Bjurman regagna son côté du bureau et s'assit dans son fauteuil de cuir confortable.
— Je ne peux pas te faire des chèques comme ça, fit-il soudain. Pourquoi est-ce que tu as besoin d'un ordinateur aussi cher ? Il y a des appareils bien meilleur marché sur lesquels tu peux jouer à tes jeux.
— Je veux pouvoir disposer de mon argent comme auparavant. Maître Bjurman lui jeta un regard plein de pitié.
— Ça, on verra plus tard. Il faut d'abord que tu apprennes à être sociable et à t'entendre avec les gens.
Le sourire de maître Bjurman aurait sans doute été un peu atténué s'il avait pu lire les pensées de Lisbeth derrière ses yeux inexpressifs.
— Je crois que toi et moi nous allons être de bons amis, dit Bjurman. Il faut qu'on puisse avoir confiance l'un dans l'autre.

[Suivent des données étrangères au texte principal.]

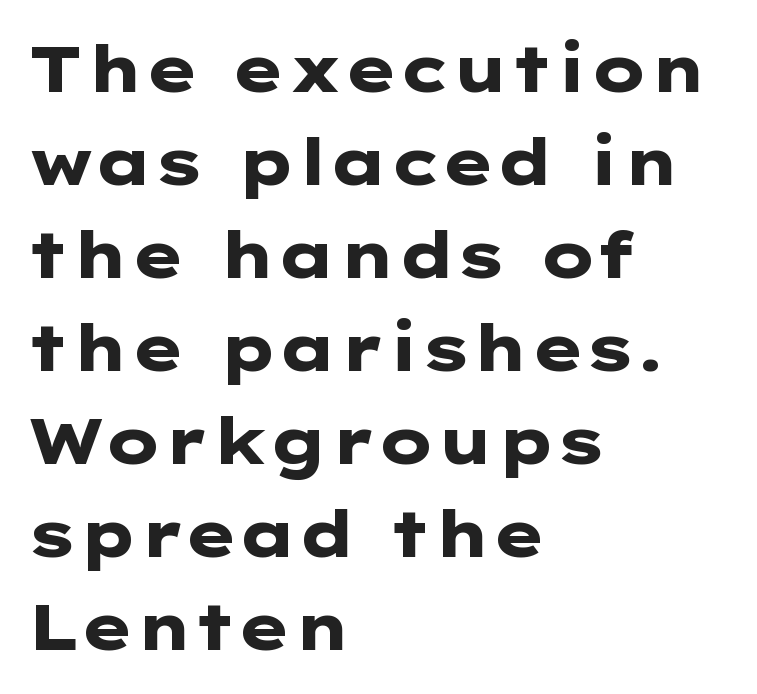
The letters carry no serifs — their stems end cleanly without finishing strokes. Interline gaps are of average width in this sample. No extra tracking has been applied to these lines. Letters rest on an invisible, unmarked baseline.

Comme elle ne répondait pas, il devint plus explicite.
— Tu es une femme adulte maintenant, Lisbeth.
Elle fit oui de la tête.
— Viens ici, dit-il en tendant une main.
Lisbeth Salander posa le regard sur le coupe-papier pendant quelques secondes avant de se lever et de s'avancer vers lui. Conséquences. Il prit sa main et l'appuya contre son bas-ventre. Elle pouvait sentir son sexe à travers le pantalon en gabardine sombre.
— Si tu es gentille avec moi, je serai gentil avec toi, dit-il.
Il l'avait raide comme un bâton quand il posa l'autre main derrière sa nuque et la força à se mettre à genoux, le visage devant son bas-ventre.
— Tu as déjà fait ce genre de choses, n'est-ce pas ? dit-il en ouvrant sa braguette. Elle sentit qu'il venait de se laver avec de l'eau et du savon.
Lisbeth Salander tourna son visage sur le côté et essaya de se lever, mais il la tenait d'une main ferme. D'un point de vue force pure, elle ne pouvait pas se mesurer avec lui ; elle pesait 42 kilos contre ses 95. Il lui prit la tête à deux mains et tourna son visage de façon à la voir droit dans les yeux.